Во всех своих выступлениях Ольга Александровна никогда не отступала от этой позиции и подтверждала ее целым рядом писем, которые были написаны ею в следующем году. «Сколько бы мы ни старались, – писала она Татьяне Боткиной, – ни один из нас не смог узнать в этой пациентке любую из моих племянниц, будь то Татьяна или Анастасия, фактически же мы были убеждены в обратном» {78}. Однако достаточно скоро до Ольги стали доходить вести о сплетнях, слухах и об открытых заявлениях, которые настаивали на том, что она узнала фрау Чайковскую, а позже отказалась от нее. «Я подвергаюсь нападкам по этому поводу, – писала она, – со всех сторон. Письма о ней приходят отовсюду, и это просто ужасно! Никто не хочет верить, что мы не признали в ней нашу родственницу, и нам приходится выслушивать ужасные вещи. Сама она – очень приятный человек, но те, кто собрался вокруг нее – они все лгут» {79}. И несколькими месяцами позже: «Я так устала от всей этой берлинской истории! Письма и телеграммы идут со всех концов света, даже из Калифорнии. Люди обвиняют нас в преследовании личных интересов, в нежелании признать ее. Что за идиотизм верить во все это! Ну да Бог с ними! Но мы больше не намерены публиковать какие-либо опровержения» {80}.

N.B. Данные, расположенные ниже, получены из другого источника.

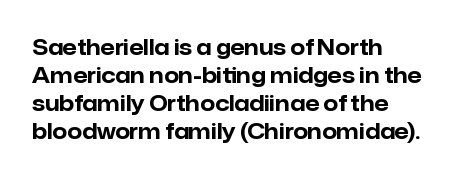
Anything drawn beneath the words? Only blank space. Evenly set lines give the paragraph a standard silhouette. In CSS terms this would be text-align: left. The font's upright variant was chosen for this text. Strokes here are thick enough to call this a true bold.
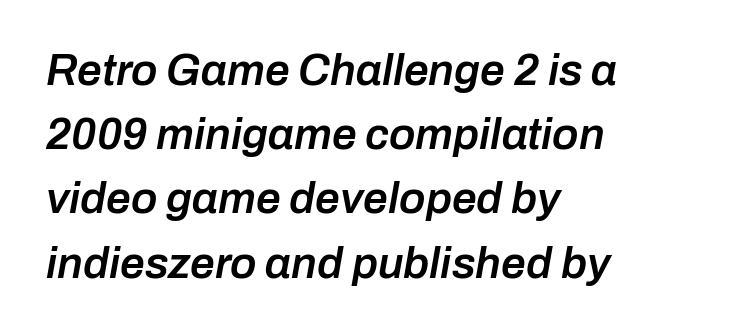
The image shows 44 px semibold type, italic (leaning right); set left-aligned, normal line spacing (1.46x), normal letter spacing, not underlined; low stroke contrast and a medium x-height.
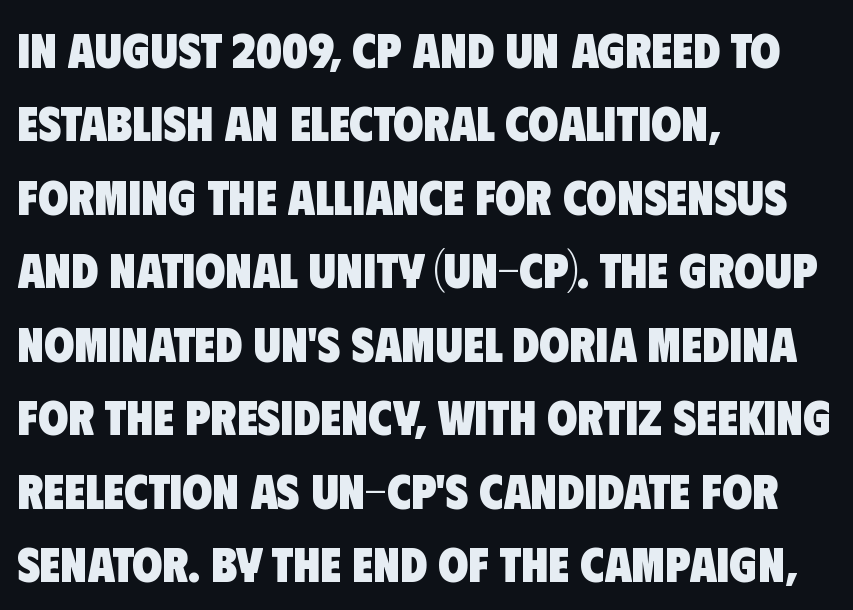
Are there feet on the stems? There aren't — it's a sans. The typesetting leans heavy: a genuine bold. No word sits above an underline. Think of a printed novel: that variable character pitch is what you see here. Regarding leading, the lines here are spaced in the standard way.
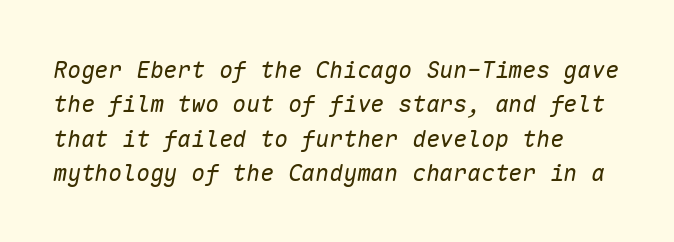
Q: Is the text bold? A: No.
Q: Is the text italic (slanted)? A: Yes, it leans right by about 10 degrees.
Q: Is the text underlined? A: No.
Q: Is the spacing between letters normal or unusually wide? A: Normal.
Q: Is the spacing between lines tight, normal or loose? A: Normal.
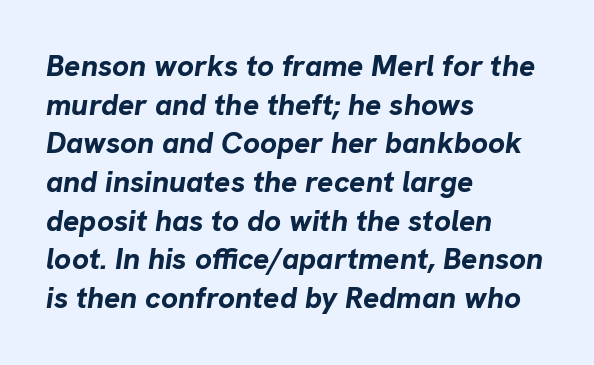
The image shows 30 px bold type, italic (leaning right); set left-aligned, normal line spacing (1.29x), normal letter spacing, not underlined; low stroke contrast and a medium x-height.
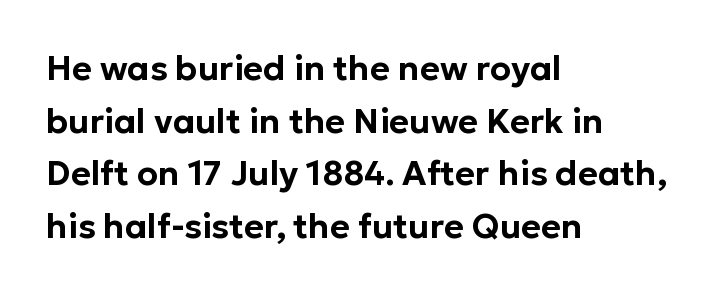
{"serif": "no", "italic": "no", "width": "normal", "stroke_contrast": "low", "x_height": "medium", "monospaced": "no", "underline": "no", "align": "left", "line_spacing": "normal", "line_spacing_ratio": 1.55, "letter_spacing": "normal", "letter_spacing_em": 0.0, "glyph_px": 34}
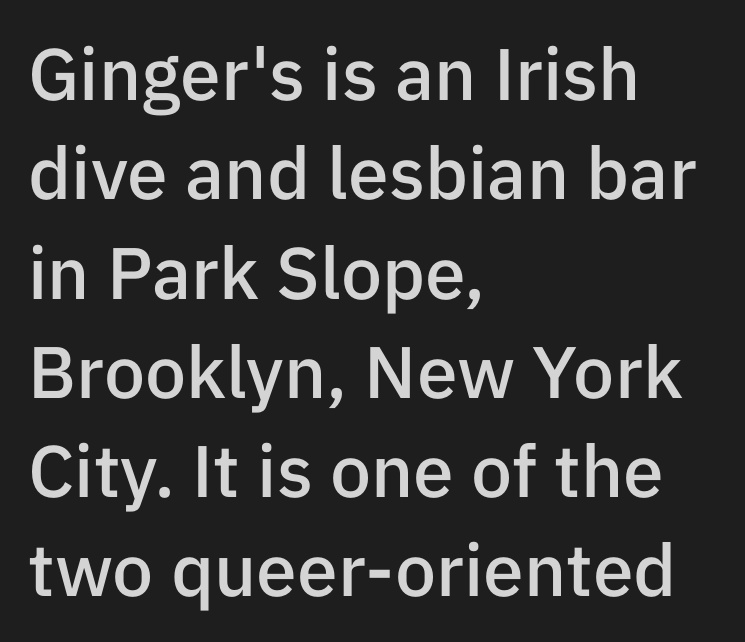
Q: Is the text bold? A: Semi-bold.
Q: Is the text italic (slanted)? A: No, it is upright.
Q: Is the typeface a serif or a sans-serif typeface? A: Sans-serif.
Q: Is the text underlined? A: No.
Q: How is the paragraph aligned? A: Left-aligned.
Q: Is the spacing between letters normal or unusually wide? A: Normal.
Q: Is the spacing between lines tight, normal or loose? A: Normal.
Q: Width (condensed, normal, or wide)? A: Normal.
Q: Stroke contrast? A: Low.
Q: x-height? A: Medium.
Q: Monospaced? A: No.

Представление о том, что Ольга Александровна признала фрау Чайковскую своей племянницей, а затем отказалась от нее, стала центральной темой мифа, который был порожден этим делом, но он преследовал великую княгиню всю ее оставшуюся жизнь. Действительно, в ее высказываниях и в поведении имела место некоторая двусмысленность, и данное обстоятельство заставило подозревать худшее многих из тех, кто с симпатией относился к претендентке. Позднее на свет появились сказки, что на склоне лет Ольга вновь была охвачена сомнениями и что она доверительно сказала одному своему приятелю в Торонто, что она, конечно же, узнала в претендентке Анастасию. Согласно этой истории Ольга Александровна в конце концов была вынуждена отказать последней «под давлением семейных обстоятельств» {81}. Было ли это правдой или нет, было ли это простой слабостью или всесторонне взвешенным решением, Ольга с презрением относилась к любому намеку на то, что она проявляла какого-то рода нерешительность. Как и многие другие участники этого дела, она начала переписывать историю своей встречи с претенденткой в клинике Моммсена, подбирая для этой цели все более и более бескомпромиссные и противоречивые заявления, предназначенные для того, чтобы завуалировать любые сомнения.

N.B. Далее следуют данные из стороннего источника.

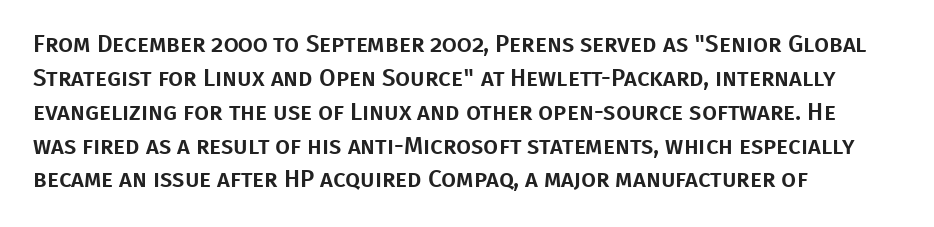
The image shows 24 px text type, upright; set left-aligned, normal line spacing (1.41x), normal letter spacing, not underlined.
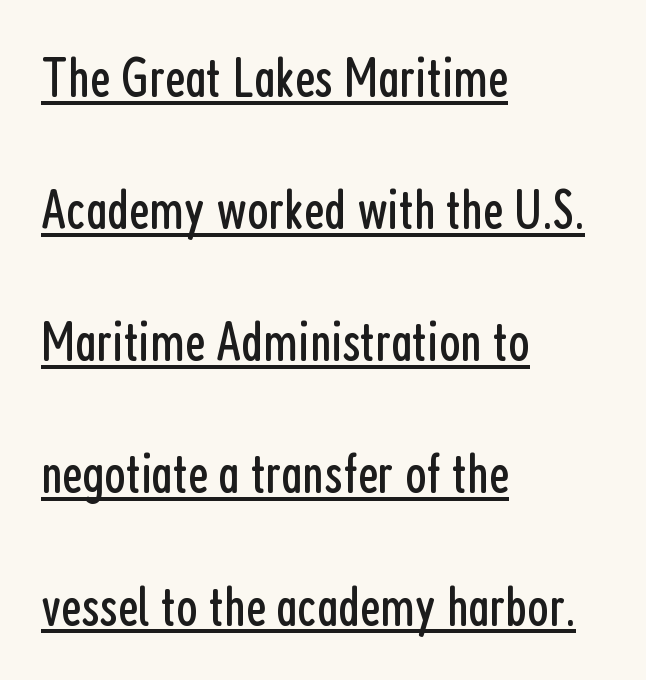
{"serif": "no", "italic": "no", "bold": "no", "weight": "regular", "width": "condensed", "stroke_contrast": "low", "x_height": "medium", "monospaced": "no", "underline": "yes", "align": "left", "line_spacing": "loose", "line_spacing_ratio": 2.36, "letter_spacing": "normal", "letter_spacing_em": 0.0, "glyph_px": 56}

В 1959 году Ольге Александровне помимо ее воли пришлось дать показания под присягой приехавшему к ней судье из Германии, который занимался судебным процессом по иску, поданному претенденткой с целью признания ее Анастасией. В ходе этой встречи, состоявшейся в консульстве Западной Германии в Торонто, Ольга пояснила, что ее письма и небольшие подарки фрау Чайковской были актом проявления «дружеских чувств по отношению к больному человеку, но не знаком признания родственной связи {82}. Затем возник вопрос о телеграмме, которая содержала указание не признавать в претендентке Анастасию и которую, как утверждают, Ольга, находясь в Берлине, получила от своей сестры Ксении. Хотя этой телеграммы не видел никто в мире, большая часть сторонников фрау Чайковской считают ее существование непреложным фактом. {83} «Я клянусь Богом, – заявила Ольга Александровна в своих показаниях, данных ею в консульстве, – что я никогда не получала от моей сестры Ксении, ни до, ни после моей поездки в Берлин телеграммы или письма, предписывающего мне не признавать претендентку. Все иные утверждения не соответствуют действительности» {84}. Когда ее спросили о письме, которое она отправила Зале 31 октября 1925 года и в котором она писала: «невозможно доподлинно утверждать, что она не Анастасия», Ольга стала запутывать следствие. Первоначально она отрицала сам факт существования такого письма. Когда ей показали копию этого письма, она стала настаивать, и очень неубедительно, что это не она писала его. Когда же кто-то из присутствующих осмелился напомнить ей, что под письмом стоит ее подпись, она в конце концов вышла из себя, говоря: «Если я и писала это письмо, сегодня я уже не могу сказать, почему я прибегла к тем словам, поскольку то лицо, о котором идет речь, не является Анастасией!» {85} Совершенно недвусмысленно не желая признать, что она когда-либо допускала хотя бы малейшее сомнение, Ольга Александровна приходила во все большее и большее возбуждение, если она вообще соглашалась ответить на вопросы, ее ответы становились «короткими и уклончивыми», и наконец, с ней случился истерический приступ, и сотрудники консульства вынуждены были вызвать доктора. Однако она еще до его прихода решила противоречивую проблему свидетельских показаний, объявив процесс снятия показаний законченным, и бросилась прочь {86}.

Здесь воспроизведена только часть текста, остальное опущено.